事業者は常時使用する労働者に対し以下の健康診断を受けさせる義務があります。
また、健康診断の結果の内容は、労災を未然に防止する為にも
事業者がしっかり確認しておく必要があります。

 

1.一般健康診断

①  雇入時の健康診断(安衛則第43条)

常時使用する労働者を雇い入れるときに実施するもので、所轄労働基準監督署長
への報告は必要ありません。
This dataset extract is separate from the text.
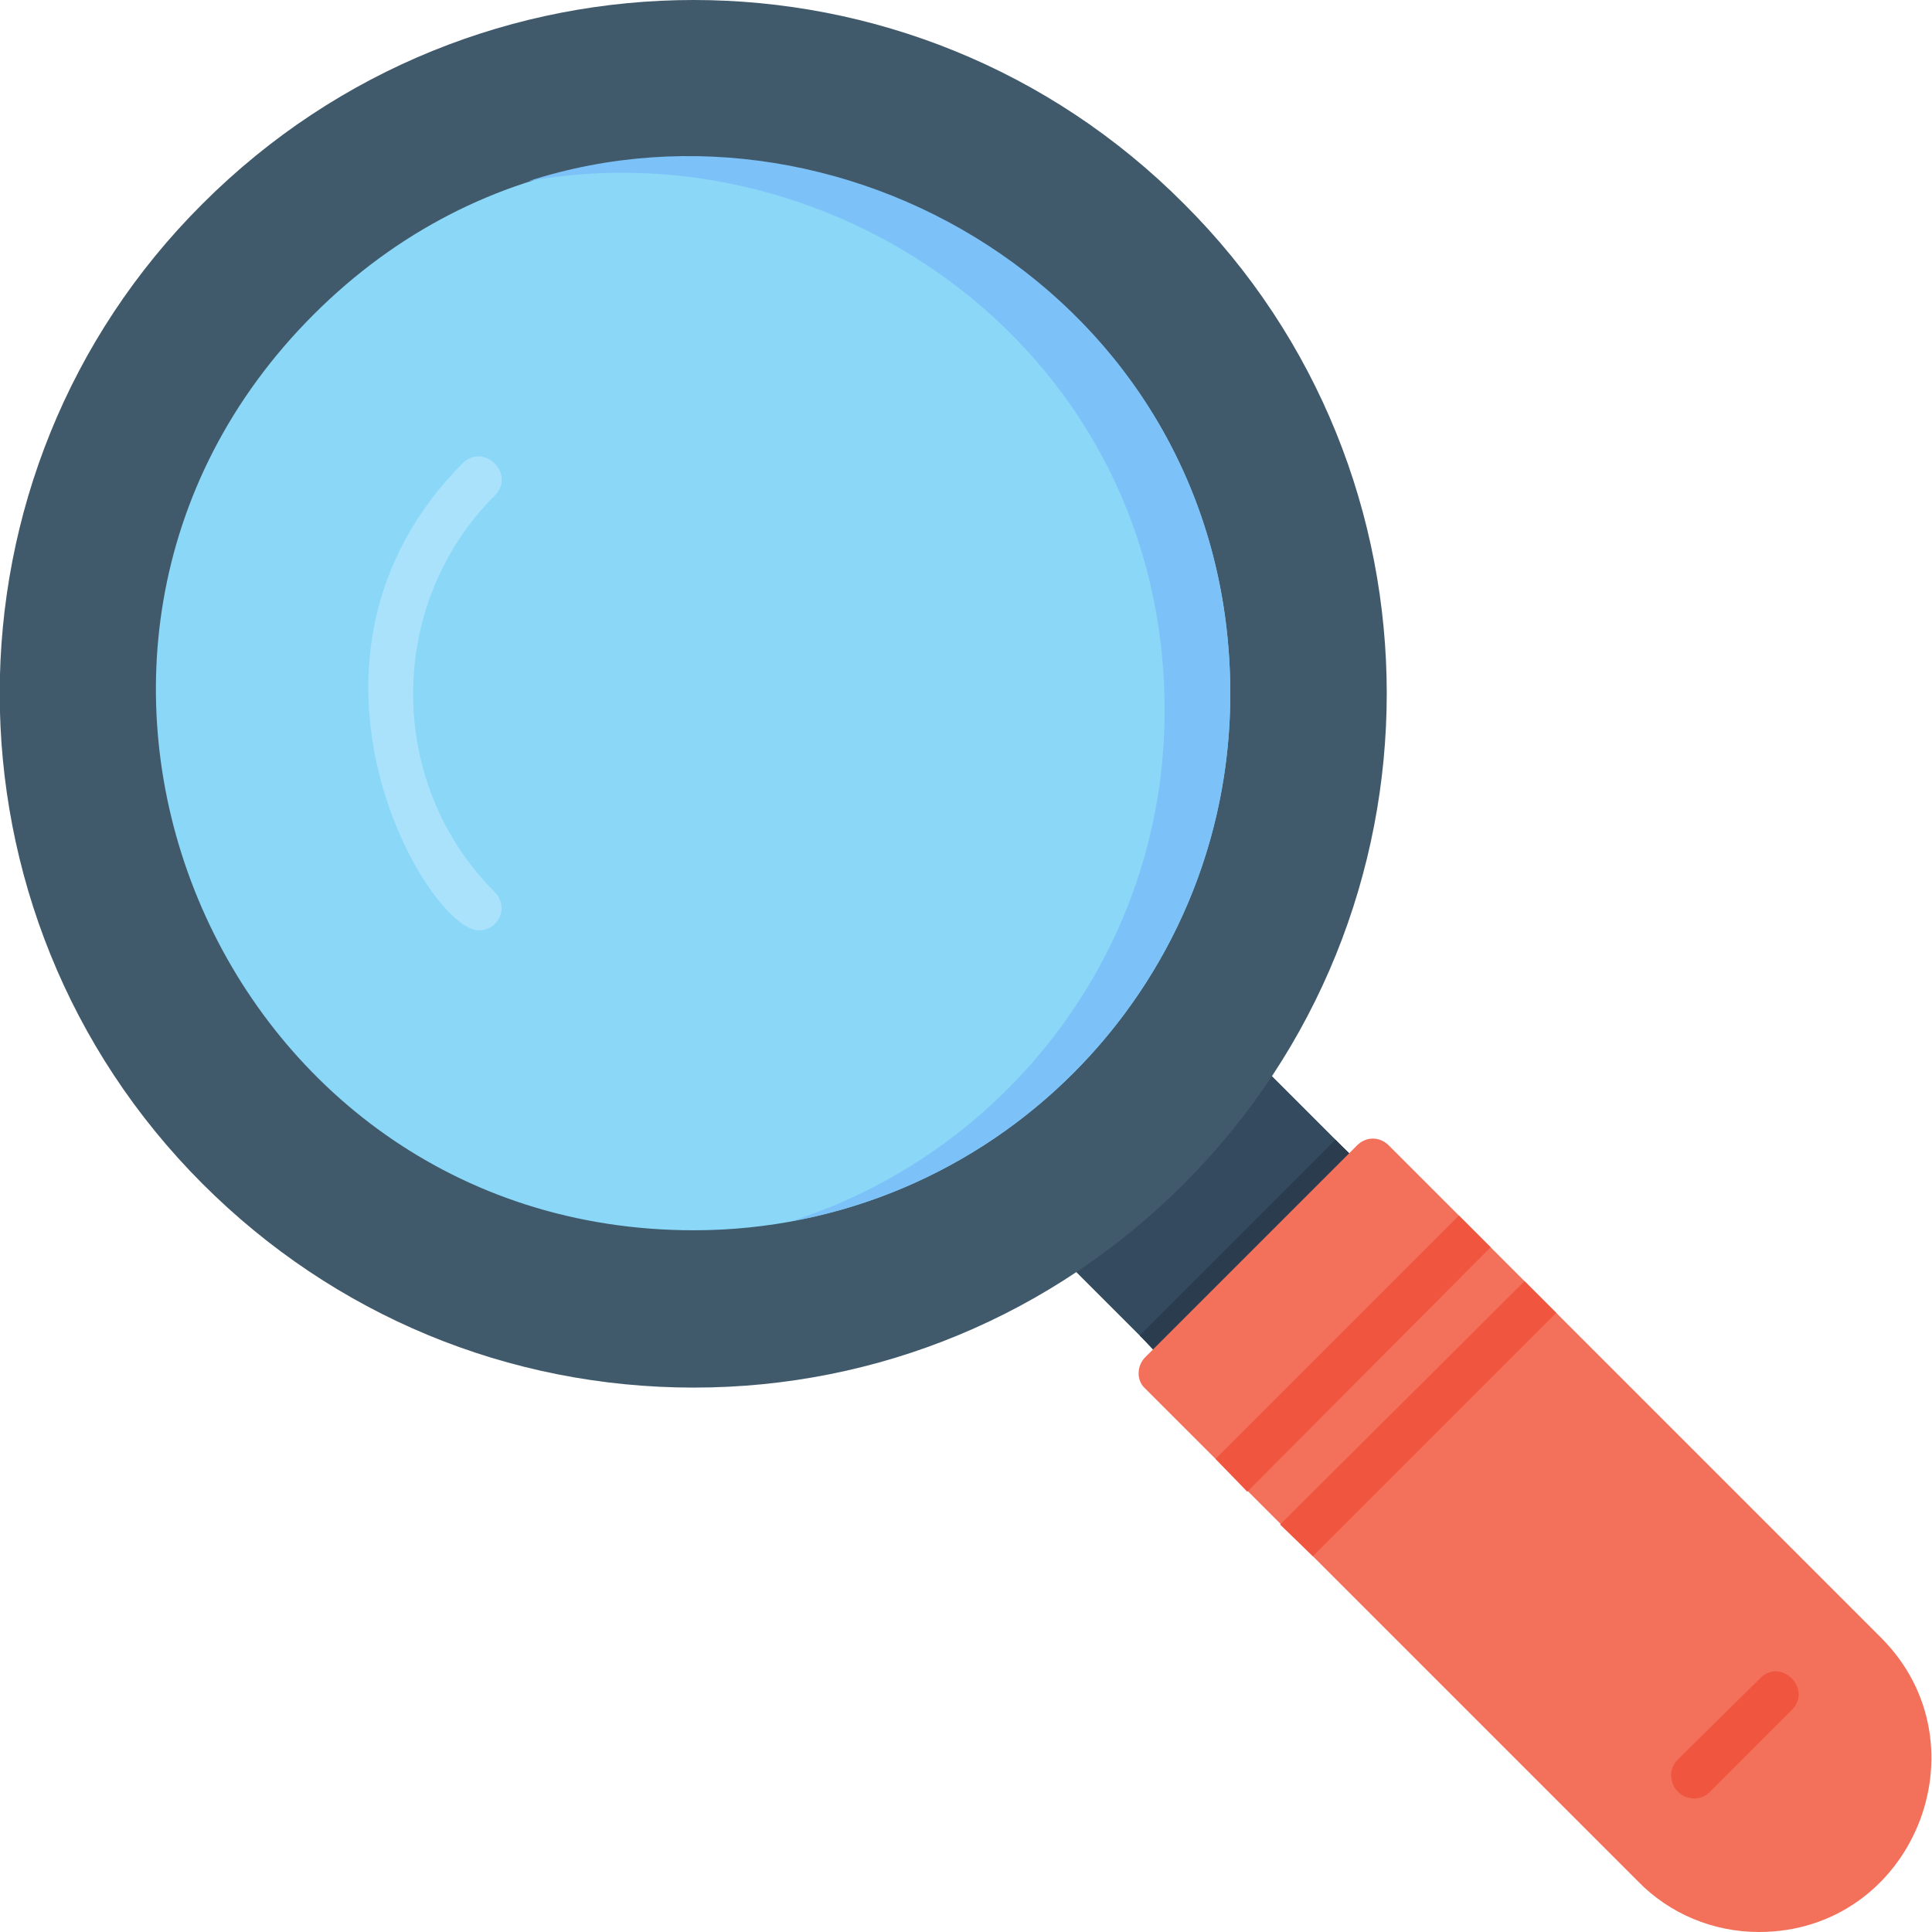 <svg xmlns="http://www.w3.org/2000/svg" clip-rule="evenodd" fill-rule="evenodd" height="512" image-rendering="optimizeQuality" shape-rendering="geometricPrecision" text-rendering="geometricPrecision" viewBox="0 0 1707 1707" width="512"><g id="Layer_x0020_1"><path d="m1047 1212c-5 0-10-2-14-6l-94-94c-31-31 52-42 143-170 7-10 21-11 30-3l94 94c8 8 8 21 0 29l-145 144c-4 4-9 6-14 6z" fill="#344a5e"></path><path d="m1047 1212c-13 0-26-18-40-32l173-173c17 18 44 36 26 55l-145 144c-4 4-9 6-14 6z" fill="#2a3c4d"></path><path d="m613 1226c-164 0-318-64-434-180-239-239-239-628 0-866 240-240 628-240 867 0 239 238 239 627 0 866-116 116-270 180-433 180z" fill="#415a6b"></path><path d="m613 1087c-422 0-634-511-336-809s810-86 810 335c0 262-212 474-474 474z" fill="#8ad7f8"></path><path d="m423 822c-45 0-187-239-14-413 19-18 47 10 28 29-96 96-96 254 0 350 13 13 4 34-14 34z" fill="#aae2fb"></path><path d="m1554 1707c-40 0-79-16-107-45l-435-435c-8-7-8-20 0-28l187-187c8-8 20-8 28 0l435 435c95 95 28 260-108 260z" fill="#f3705a"></path><g fill="#f05540"><path d="m1102 1318-28-29 215-215 28 28z"></path><path d="m1160 1375-29-28 216-215 28 28z"></path><path d="m1497 1589c-18 0-27-21-15-34l73-72c18-19 47 9 28 28l-72 72c-4 4-9 6-14 6z"></path></g><path d="m1087 613c0-341-335-545-620-453 271-49 562 150 562 468 0 211-139 390-330 451 221-40 388-234 388-466z" fill="#7cc2f9"></path></g></svg>

※医師による健康診断を受けてから3箇月以内の者が、
その結果を証明する書類を提出した場合は、その項目は省略できます。

②  定期健康診断(安衛則第44条)

常時使用する労働者を対象として、1年以内ごとに1回実施するものです。
常時50人以上の労働者を使用する事業者は、「定期健康診断結果報告書」を
所轄労働基準監督署長に提出する必要があります。

③  特定業務従事者の健康診断(安衛則第45条)

多量の高熱物体を取り扱う業務、振動を与える業務、坑内業務、
深夜業務等の業務(労働安全衛生規則第13条第1項第2号に掲げる特定業務)へ
配置替えした際と6箇月以内ごとに1回実施するものです。
常時50人以上の労働者を使用する事業者は、「定期健康診断結果報告書」を
所轄労働基準監督署長に提出する必要があります。

④  海外派遣労働者に対する健康診断(安衛則第45条の2)

6箇月以上海外に派遣する労働者に対し、派遣前及び帰国後に実施するもので、
所轄労働基準監督署長への報告は必要ありません。

⑤  給食従業者の検便(安衛則第47条)

事業に附属する食堂または炊事場における給食の業務に従事する労働者に対し、
雇い入れ時及び配置替えの際に実施するものです。

 

2.健康診断項目

上記①

上記②

上記③

上記④

(1) 既往症及び業務歴の調査

(2) 自覚症状及び他覚症状の有無の検査

(3) 身長、体重、腹囲、視力及び聴力の検査

(4) 胸部エックス線検査及びかくたん検査

(5) 血圧の測定

(6) 貧血検査(血色素量、赤血球数)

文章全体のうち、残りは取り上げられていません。